In a very contentious vote yesterday, the Israeli Knesset passed a bill outlawing calls to boycott either Israel in general or the settlements in the occupied territories in particular, allowing lawsuits against them without any proof of damages.
Yesterday’s vote gave way quickly to reactions domestically, as opposition groups plan to contest the constitutionality of the new law in Israel’s high court. At the same time, the current far-right government is moving forward with another bill that would start formal inquiries against the opposition.
But the boycott law itself is the current issue, and to that end a lawsuit is already moving forward, with Soviet-born MP Alex Miller (Yisrael Beiteinu) announcing plans to sue opposition MP Ahmed Tibi for comments supporting a boycott of the West Bank settlement of Ariel.

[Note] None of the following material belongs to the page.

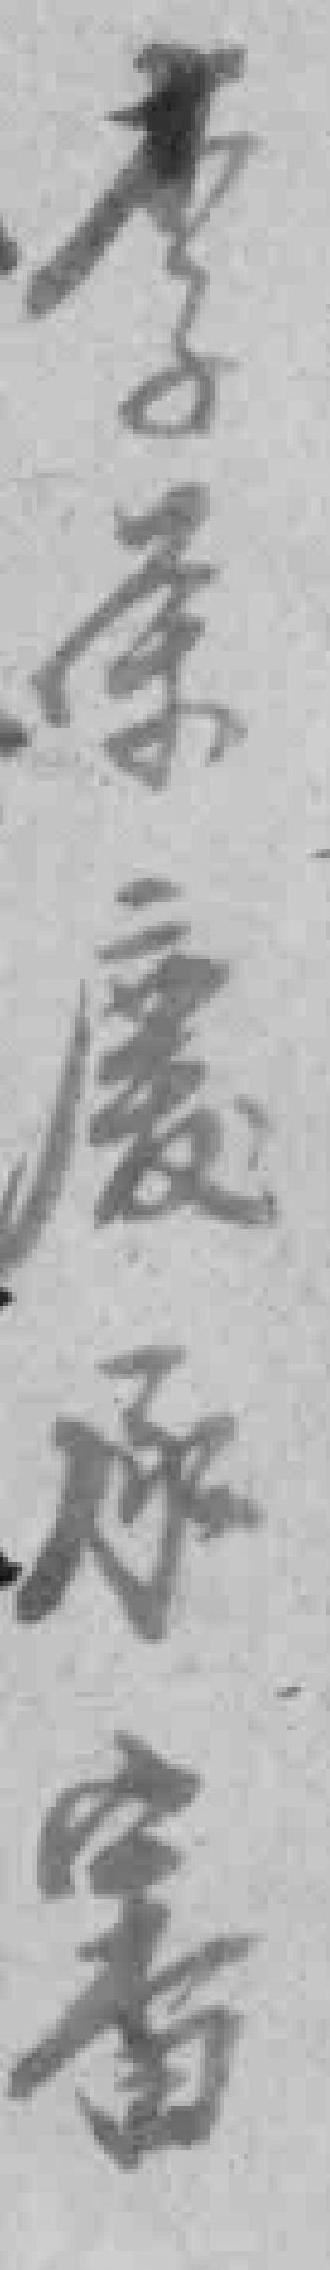
李荣慶承審

There is, of course, no evidence that Tibi’s comments did any economic damage to Ariel in general, let alone Miller, but that is the point of the new law: no evidence is needed for the lawsuit.

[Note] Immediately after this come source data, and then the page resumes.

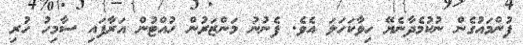
ފުންމައުގެން ނުކުމެދާނެޔޭ ހިވާކަހަލަ އެވެ. ފެނުނު މަންޒަރުން ހުއްޓުން އަރާފައި ސާމިހު ހުރި
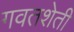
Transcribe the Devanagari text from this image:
गवतशेती
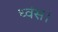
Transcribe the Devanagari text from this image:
ध्वंस।
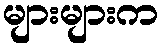
များများက
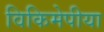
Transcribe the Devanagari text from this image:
विकिमेपीया
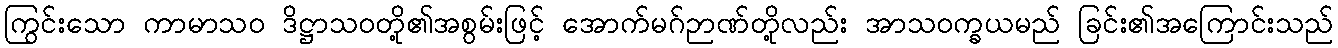
ကြွင်းသော ကာမာသဝ ဒိဋ္ဌာသဝတို့၏အစွမ်းဖြင့် အောက်မဂ်ဉာဏ်တို့လည်း အာသဝက္ခယမည် ခြင်း၏အကြောင်းသည်

Perhaps the most interesting criticism of the new law came from the US State Department, which insisted that the anti-boycott law amounted to a violation of the “basic democratic right” of freedom to protest. This is interesting because while not broadly enforced, the US already has its own law banning boycotts of Israel, passed in 1977, which goes even farther than Israel’s own government dared to attempt. The US law actually allows for decade-long prison sentences for boycotting Israel or aiding in the boycott.